▶ **TASK DETAILS**:
An exact copy of every record below is needed, with all pictures removed.

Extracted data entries
§ §

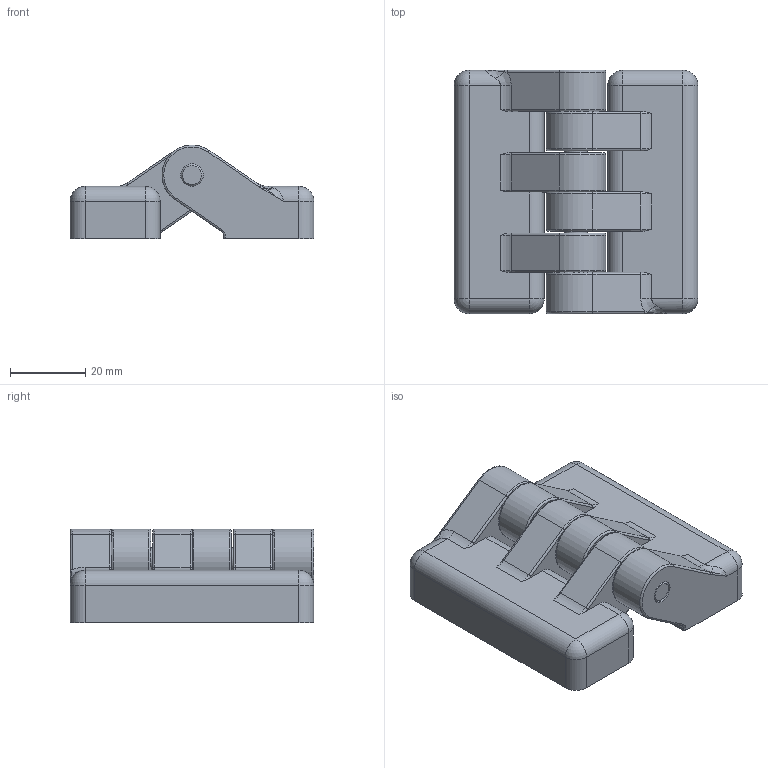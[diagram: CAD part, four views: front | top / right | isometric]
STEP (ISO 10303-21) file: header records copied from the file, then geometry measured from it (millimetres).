
FILE_DESCRIPTION(/* description */ ('File step'),/* implementation_level */ '2;1');
FILE_NAME(/* name */ '6388120',/* time_stamp */ '2022-02-21T12:01:23+01:00',/* author */ ('Zorzan D.'),/* organization */ ('Gamm Srl.'),/* preprocessor_version */ 'ST-DEVELOPER v16.7',/* originating_system */ 'Solid Edge',/* authorisation */ 'Unknown');
FILE_SCHEMA (('CONFIG_CONTROL_DESIGN'));
Length unit declared in the file: millimetre
Products named in the file (1): Parte10
Bounding box: 65 x 64.9 x 24.98 mm (x, y, z)
Volume: 44569.2 mm3; surface area: 23485.7 mm2
Topology: 1 solids, 1 shells, 238 faces, 619 edges, 379 vertices
Faces by surface type: plane 92, cylinder 88, torus 34, cone 10, bspline 8, sphere 6
Full cylindrical faces by diameter (mm): 4.917 x4, 6 x4, 14.5 x4
Entity records: 8736 total; most frequent: CARTESIAN_POINT 1383, DIRECTION 1242, ORIENTED_EDGE 1146, EDGE_CURVE 573, AXIS2_PLACEMENT_3D 472, VERTEX_POINT 365, LINE 298, VECTOR 298

§ §

▶ **PROBLEM SOLUTION**:
[diagram: CAD part, four views: front | top / right | isometric]
STEP (ISO 10303-21) file: header records copied from the file, then geometry measured from it (millimetres).
FILE_DESCRIPTION(/* description */ ('File step'),/* implementation_level */ '2;1');
FILE_NAME(/* name */ '6388120',/* time_stamp */ '2022-02-21T12:01:23+01:00',/* author */ ('Zorzan D.'),/* organization */ ('Gamm Srl.'),/* preprocessor_version */ 'ST-DEVELOPER v16.7',/* originating_system */ 'Solid Edge',/* authorisation */ 'Unknown');
FILE_SCHEMA (('CONFIG_CONTROL_DESIGN'));
Length unit declared in the file: millimetre
Products named in the file (1): Parte10
Bounding box: 65 x 64.9 x 24.98 mm (x, y, z)
Volume: 44569.2 mm3; surface area: 23485.7 mm2
Topology: 1 solids, 1 shells, 238 faces, 619 edges, 379 vertices
Faces by surface type: plane 92, cylinder 88, torus 34, cone 10, bspline 8, sphere 6
Full cylindrical faces by diameter (mm): 4.917 x4, 6 x4, 14.5 x4
Entity records: 8736 total; most frequent: CARTESIAN_POINT 1383, DIRECTION 1242, ORIENTED_EDGE 1146, EDGE_CURVE 573, AXIS2_PLACEMENT_3D 472, VERTEX_POINT 365, LINE 298, VECTOR 298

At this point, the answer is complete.